__Task statement__: The reply is to be an exact repetition of the entries that follow, with each picture left out.

Stored items from a collection:

▼▼▼

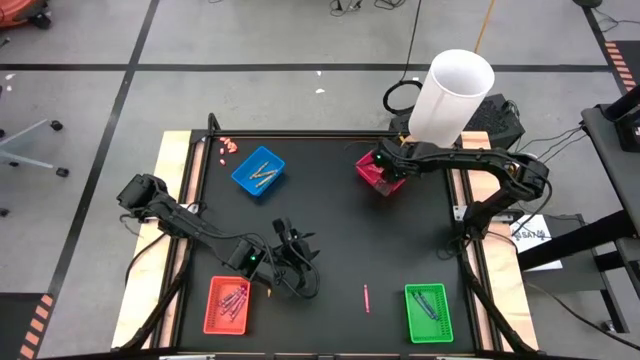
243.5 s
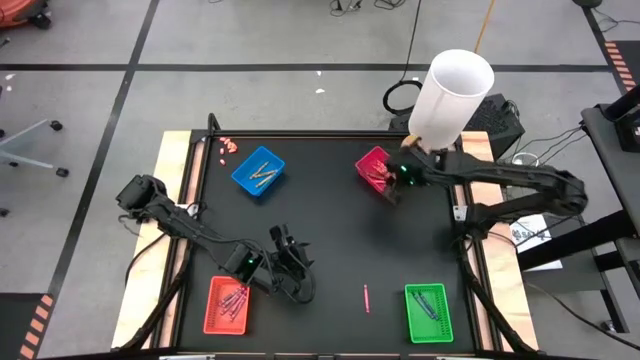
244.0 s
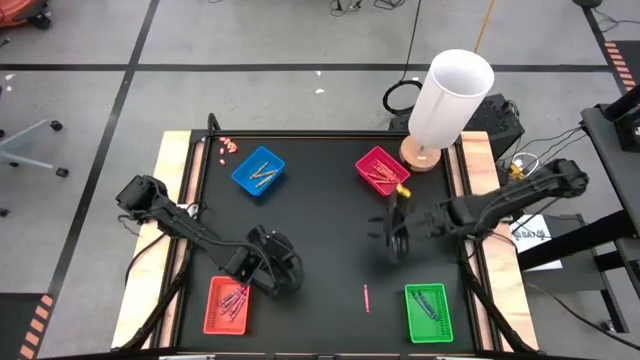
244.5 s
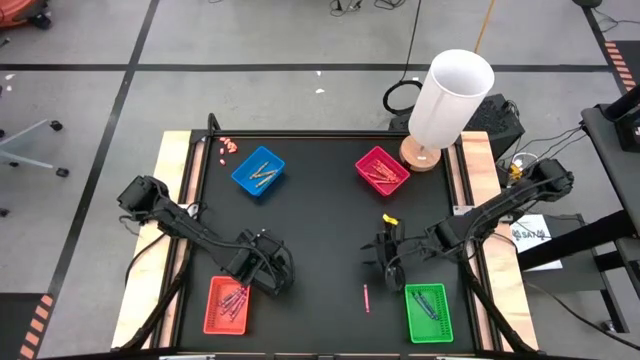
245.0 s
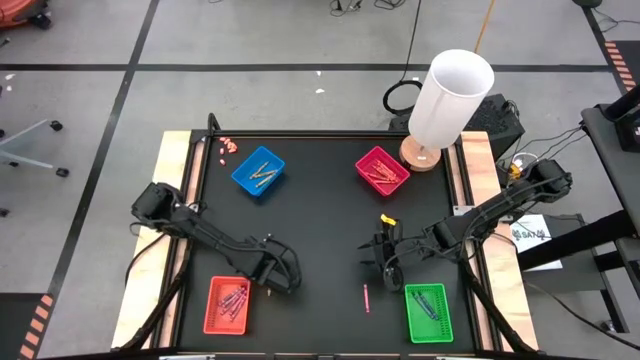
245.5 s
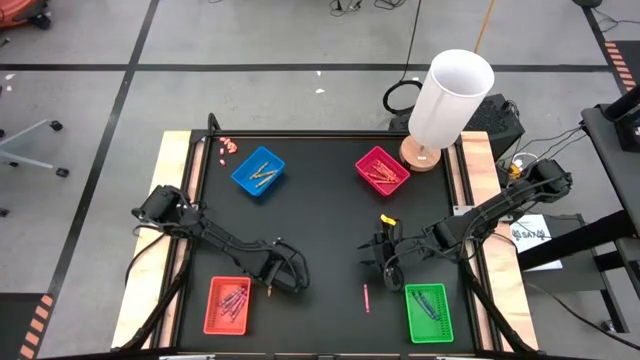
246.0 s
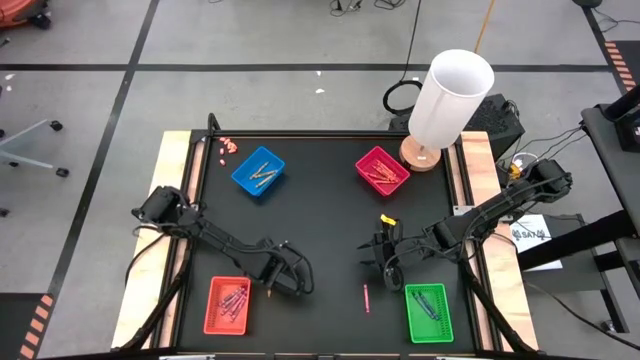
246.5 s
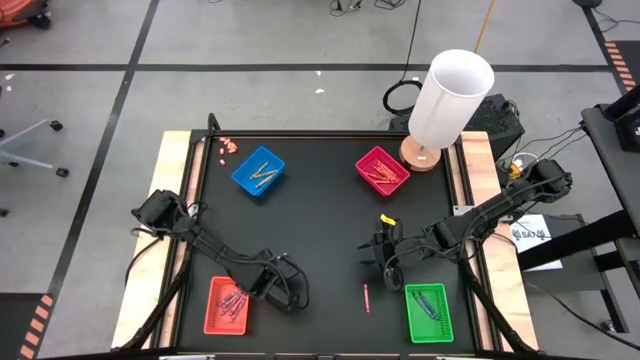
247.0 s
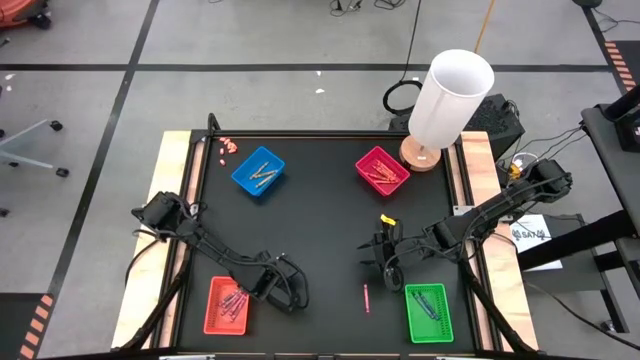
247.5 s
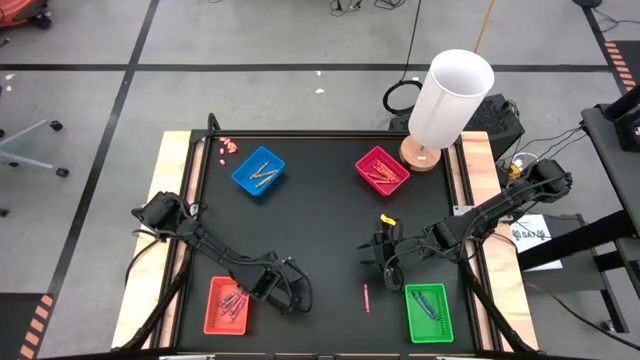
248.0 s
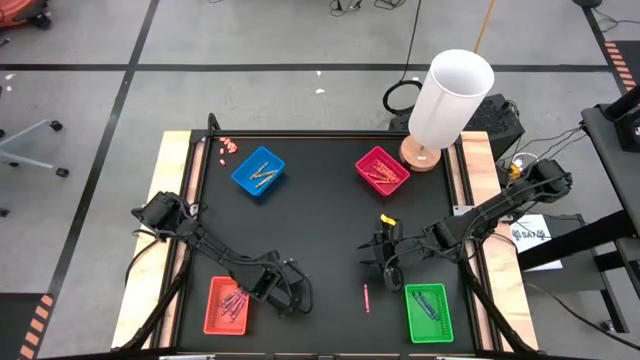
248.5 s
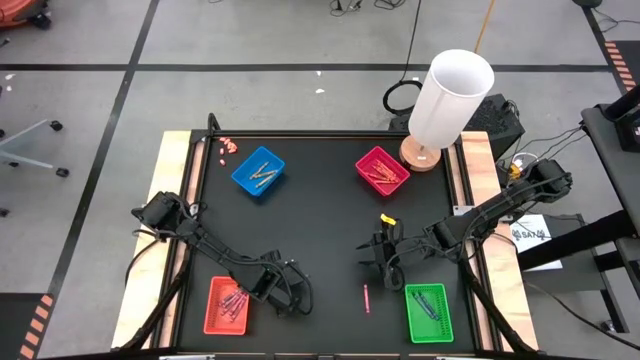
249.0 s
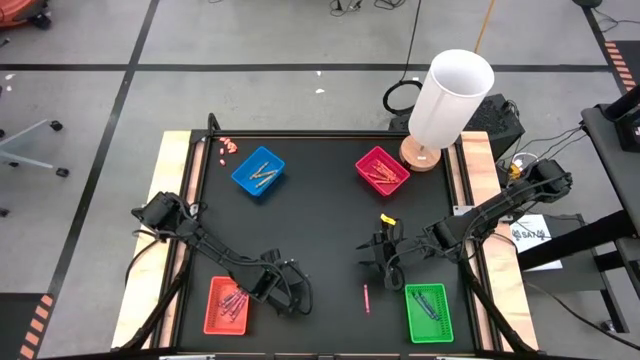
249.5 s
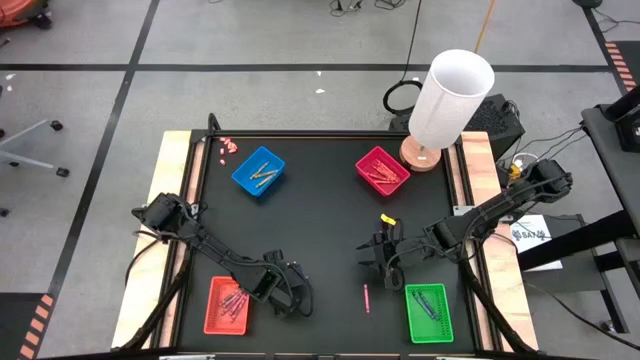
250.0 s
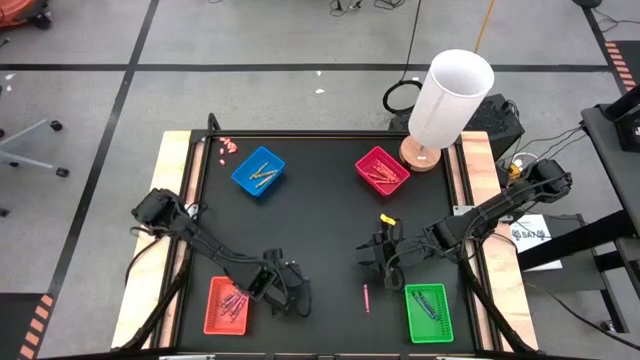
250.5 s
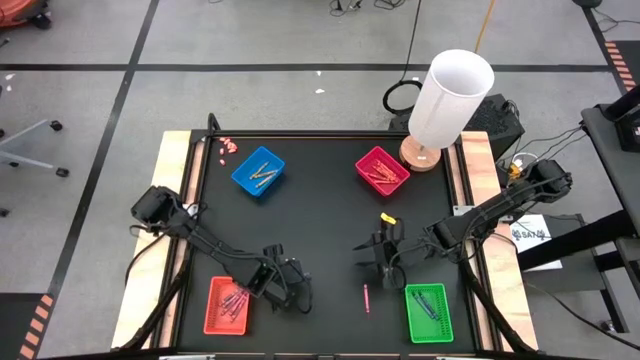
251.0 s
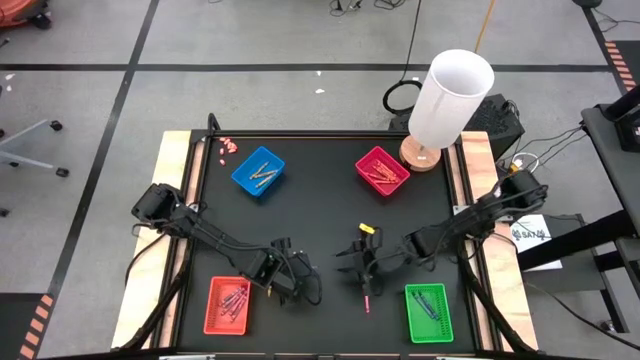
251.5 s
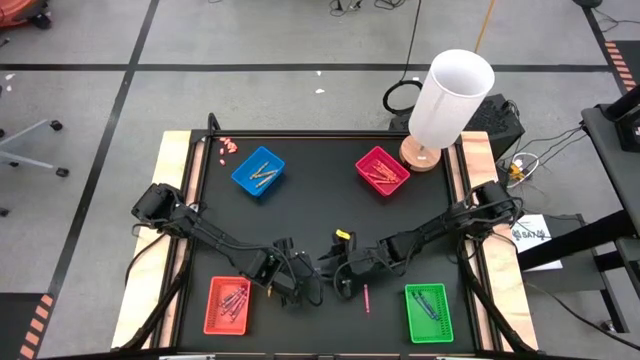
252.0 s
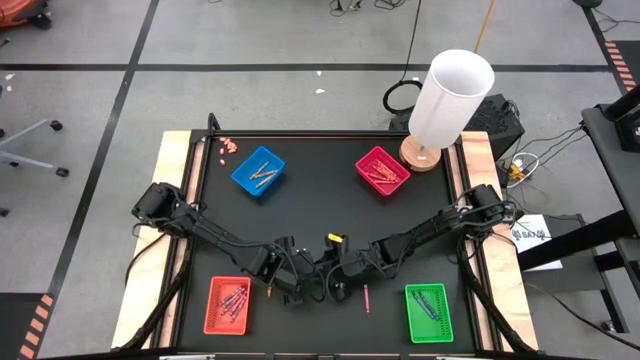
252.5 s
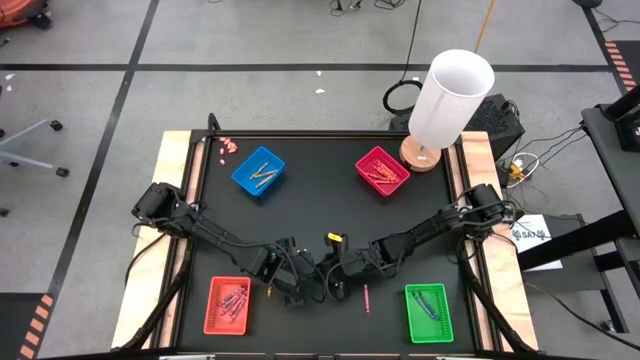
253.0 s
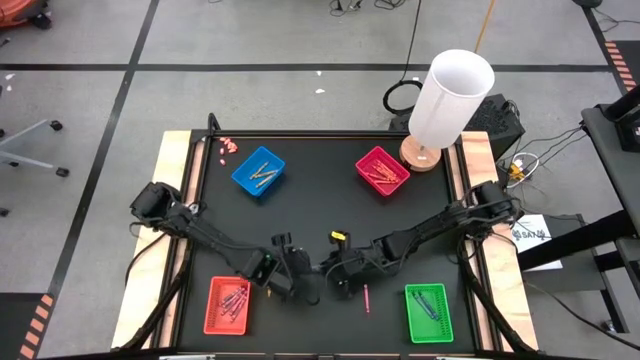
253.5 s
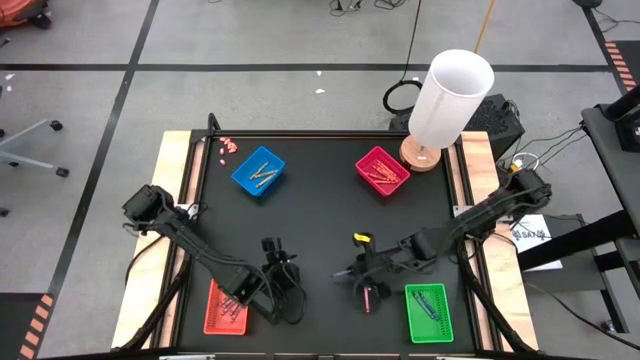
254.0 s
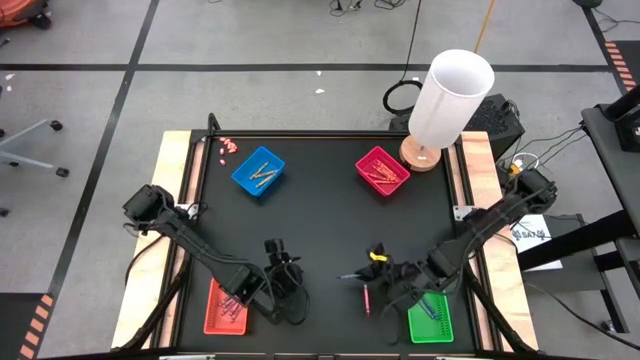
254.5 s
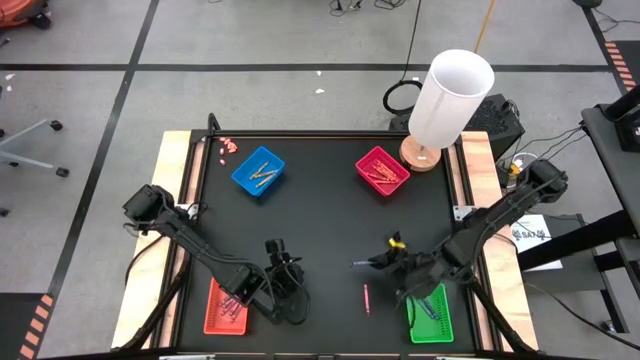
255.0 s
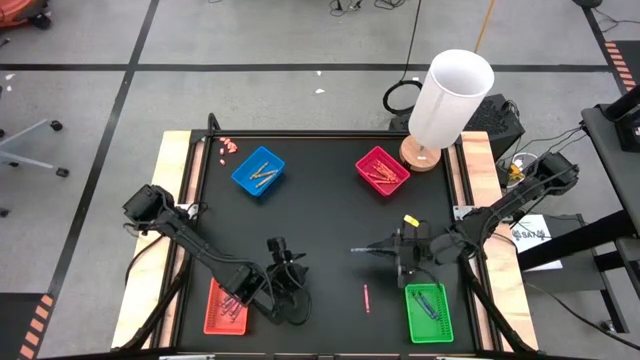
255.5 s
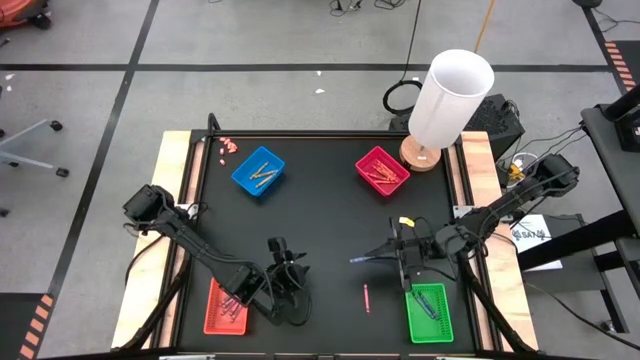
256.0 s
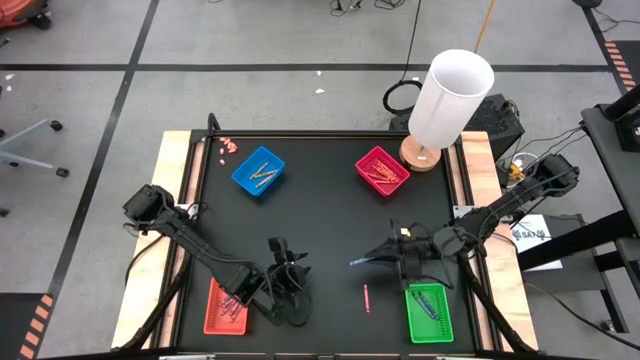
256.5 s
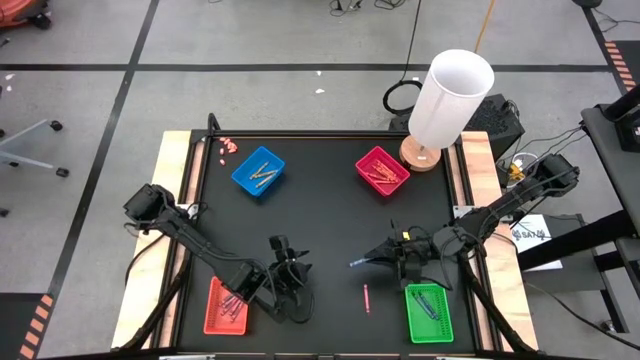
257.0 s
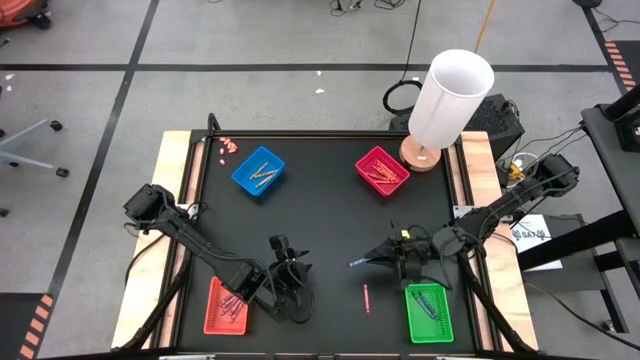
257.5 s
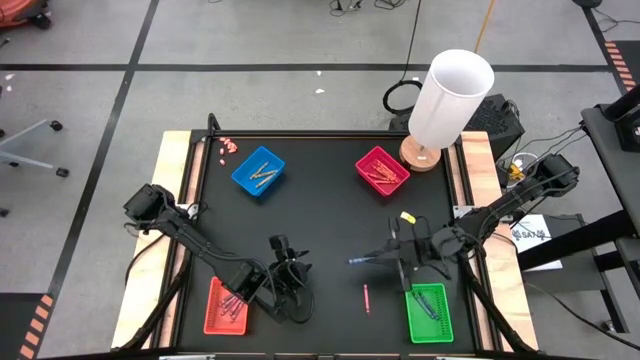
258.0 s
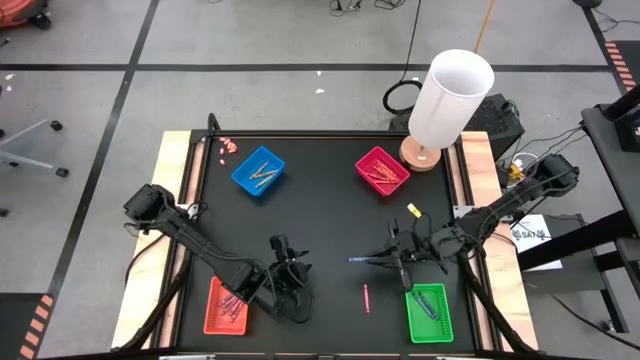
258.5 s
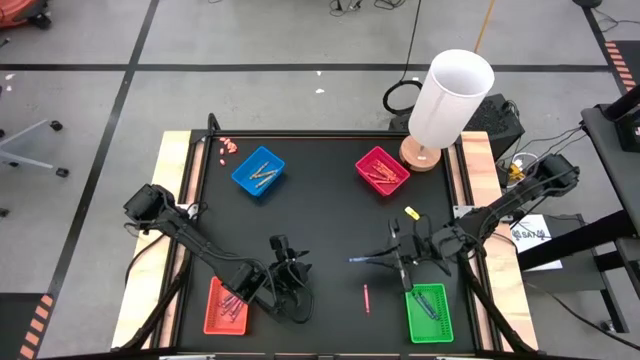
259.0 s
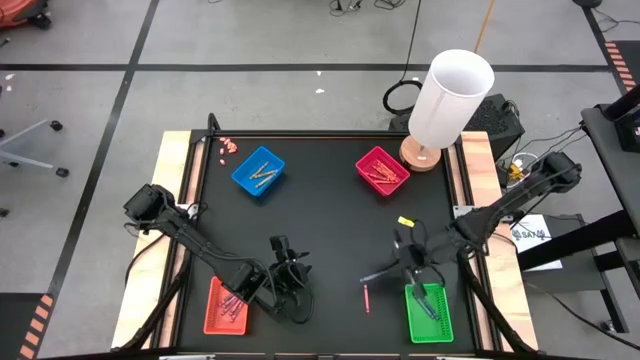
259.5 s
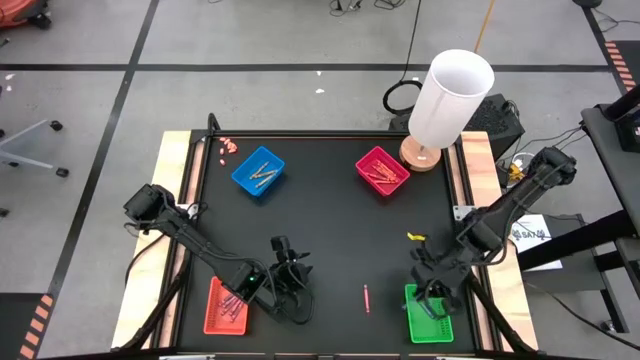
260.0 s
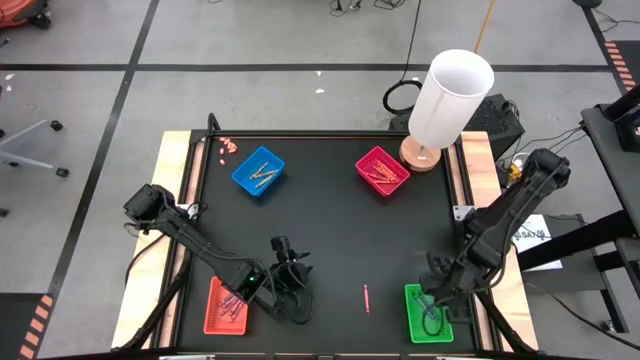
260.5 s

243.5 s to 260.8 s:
Task: Sort crayons
Put the blue crayon into the green bin

▲▲▲

__Response__:
243.5 s
244.0 s
244.5 s
245.0 s
245.5 s
246.0 s
246.5 s
247.0 s
247.5 s
248.0 s
248.5 s
249.0 s
249.5 s
250.0 s
250.5 s
251.0 s
251.5 s
252.0 s
252.5 s
253.0 s
253.5 s
254.0 s
254.5 s
255.0 s
255.5 s
256.0 s
256.5 s
257.0 s
257.5 s
258.0 s
258.5 s
259.0 s
259.5 s
260.0 s
260.5 s

243.5 s to 260.8 s:
Task: Sort crayons
Put the blue crayon into the green bin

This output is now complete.